Sehingga mengangkat GTT menjadi solusi yang paling tepat dan cepat. “Nanti ada kebijakan tersendiri untuk mengangkat GTT oleh sekolah yang bersangkutan. Saya sudah menyampaikan ke Kemendikdasmen dan Direktorat Jenderal Guru dan Tenaga Kependidikan (Dirjen GTK),” ucap dia. Sehingga, meski ada instruksi penghapusan tenaga kontrak non-ASN, GTT bakal tetap diberdayakan.
Dengan demikian, guru yang berstatus ASN tidak akan bekerja ganda. Sebab, kekurangan guru dapat menyebabkan perbandingan antara guru dan siswa tidak seimbang. Jika satu guru bertanggung jawab terhadap banyak siswa, perhatian yang diberikan kepada bakal terbatas. Selain itu juga dapat menyebabkan keterlambatan dalam proses pembelajaran.
Jika tidak ada guru yang memberikan pelajaran atau umpan balik, siswa kemungkinan tidak mampu melanjutkan materi tepat waktu. Sehingga, akan menghambat kemajuan akademiknya. “Kekurangan guru juga dapat menyebabkan menurunnya kualitas pembelajaran,” imbuh Suwadji.

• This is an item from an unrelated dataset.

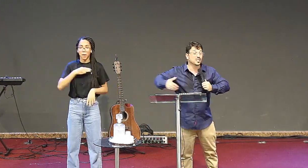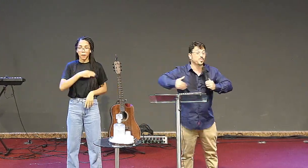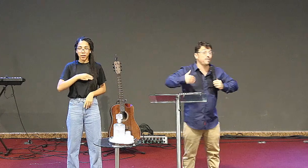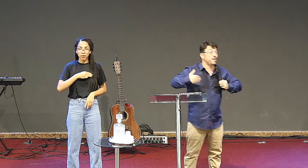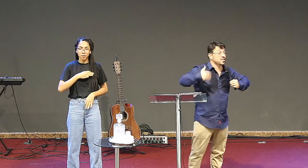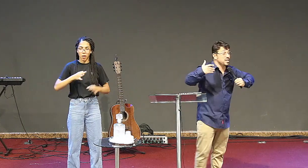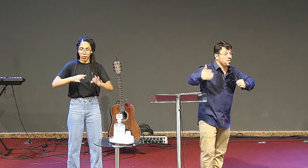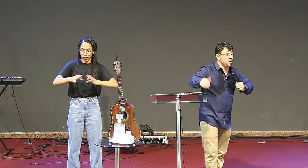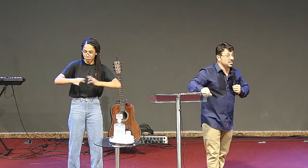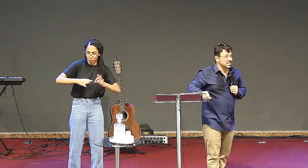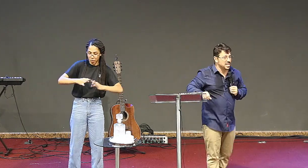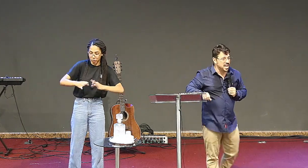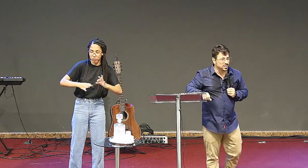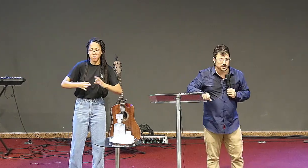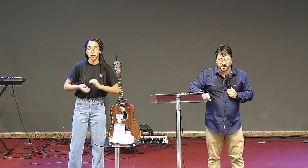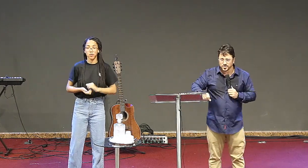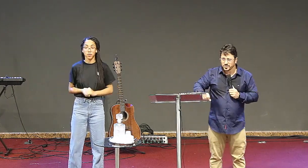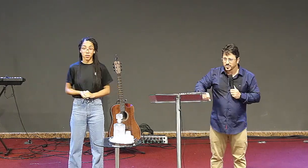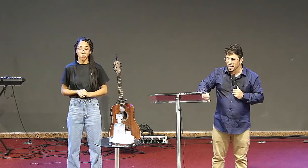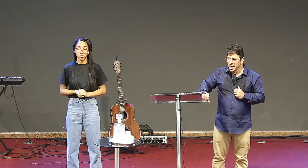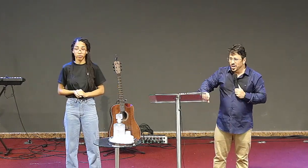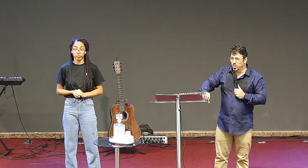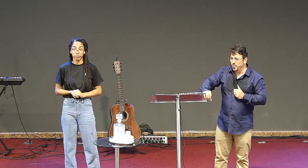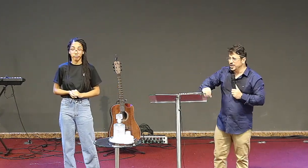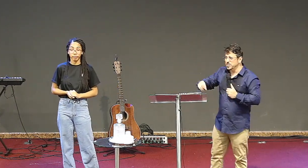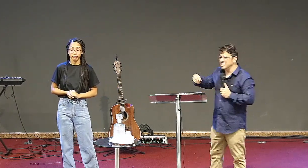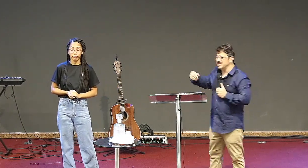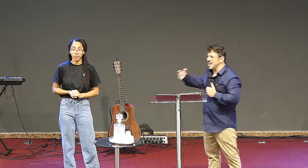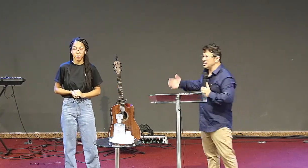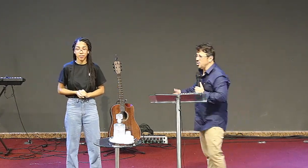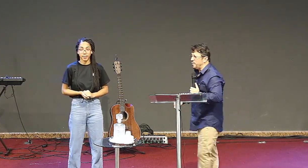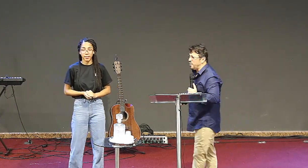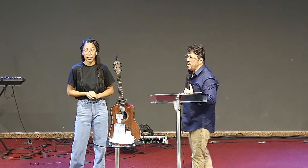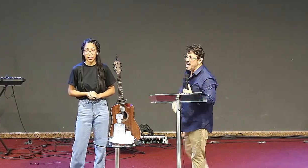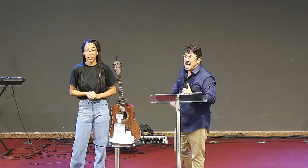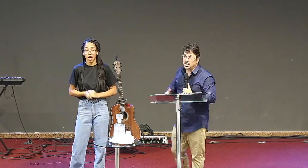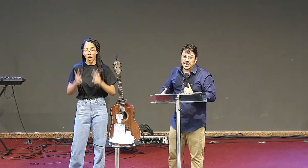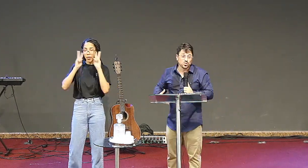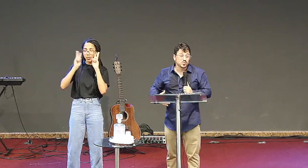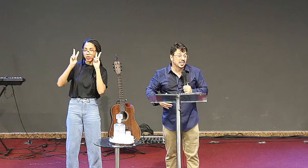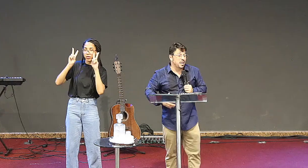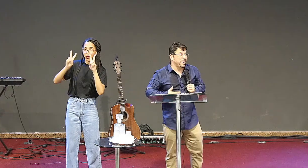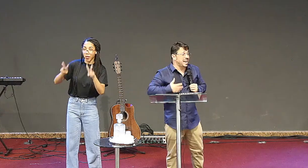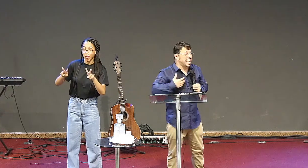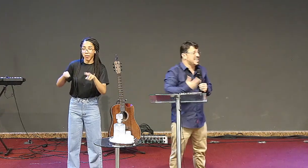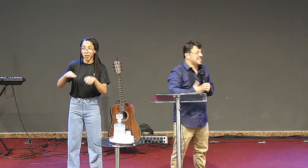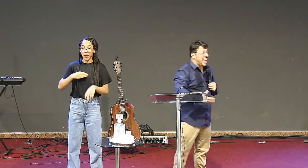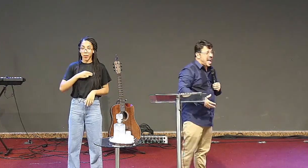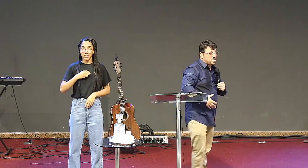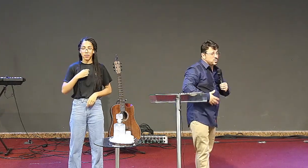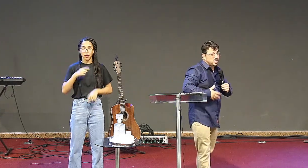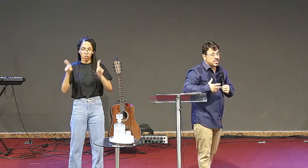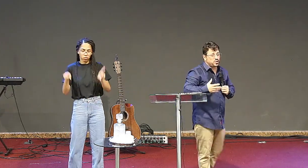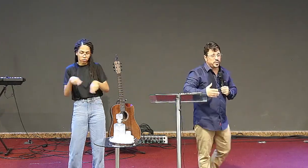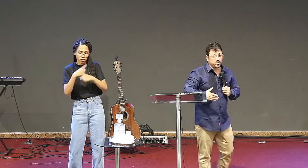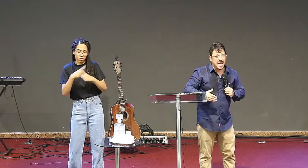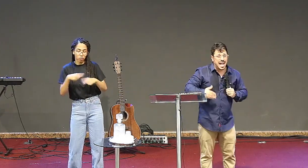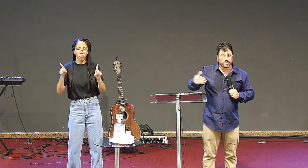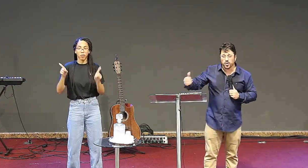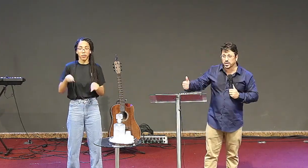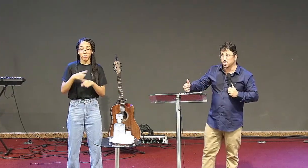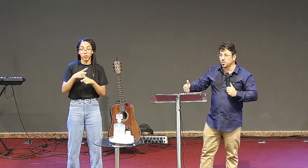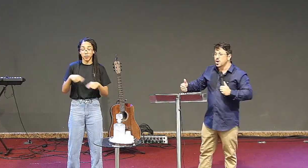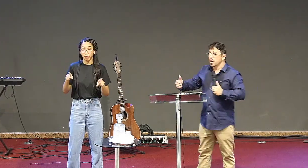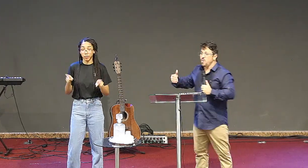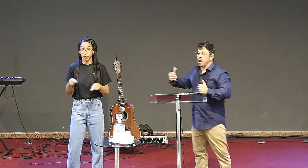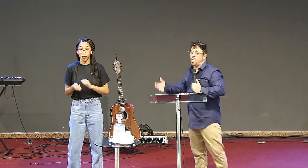batalhando, para fazer o negócio dar certo, eu estou vendo o ministério de louvor, às vezes com tanta precariedade, com tanta dificuldade,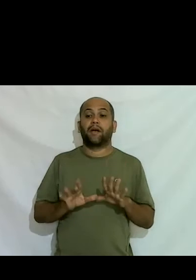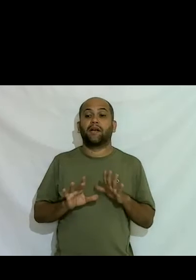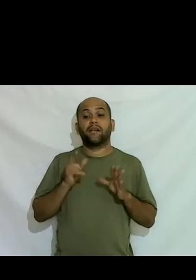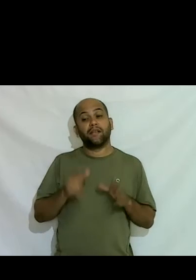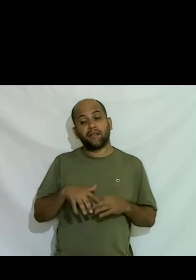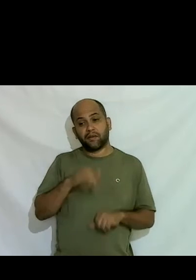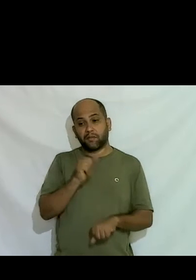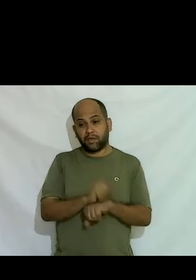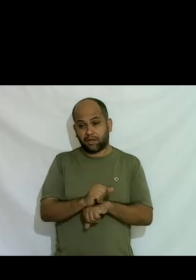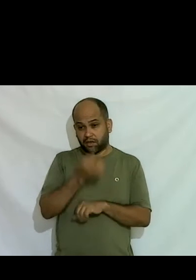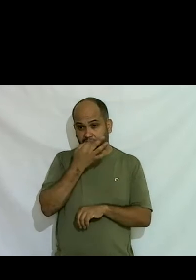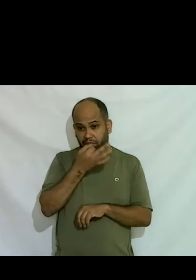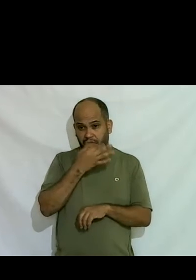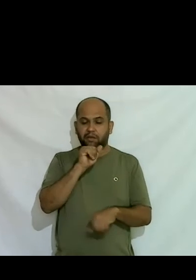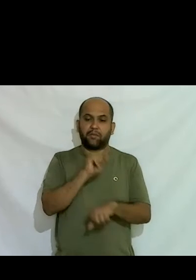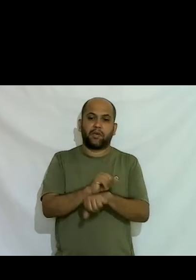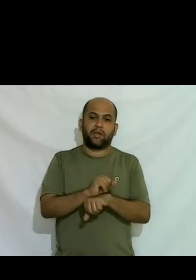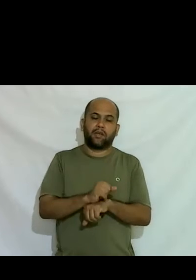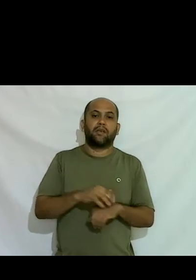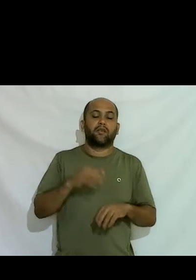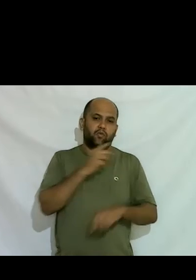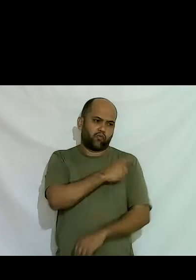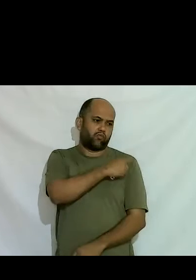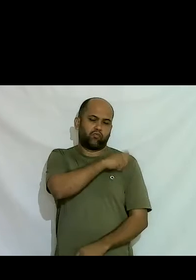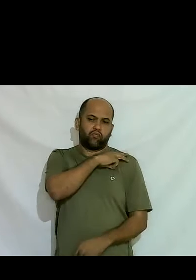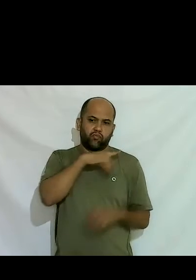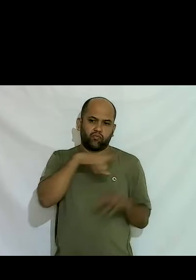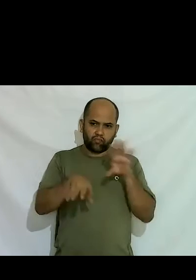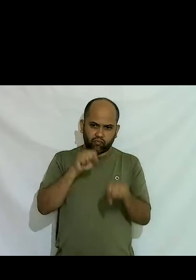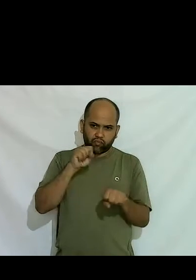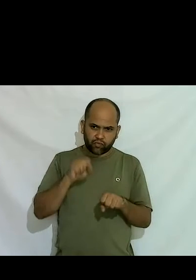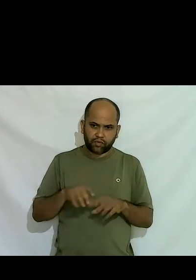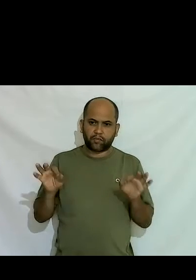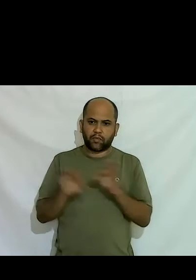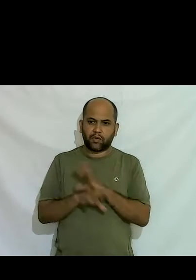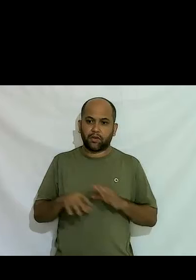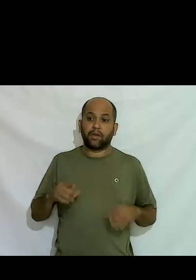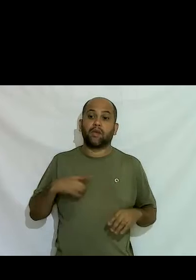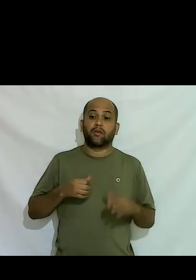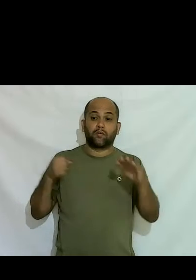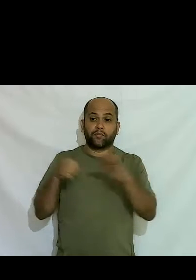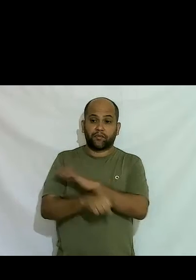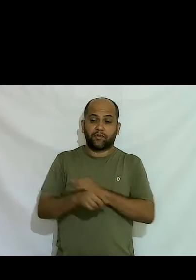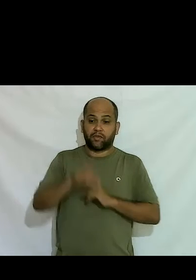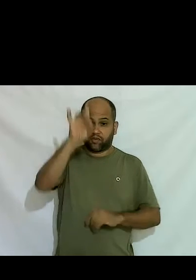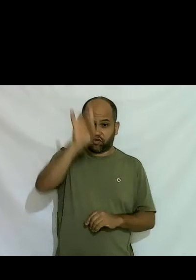parei com hormonização terminei o colegial entrei na faculdade de direito da PUC

Guru yang kelelahan atau terlalu terbebani dengan jumlah siswa yang banyak dimungkinkan tidak mampu memberikan pengajaran dengan maksimal. Kualitas penjelasan, pemahaman materi, dan metode pengajaran bisa terpengaruh.
Dengan tetap mempertahankan GTT, Pemkab Malang juga sudah menyiapkan intensif kepada mereka. “Insentif ini akan diberikan secara berkelanjutan. Kami akan berkoordinasi dengan Bappeda (Badan Perencanaan dan Pembangunan) untuk menganggarkan kembali insentif pada tahun depan,” tambah Wakil Bupati (Wabup) Malang Lathifah Shohib.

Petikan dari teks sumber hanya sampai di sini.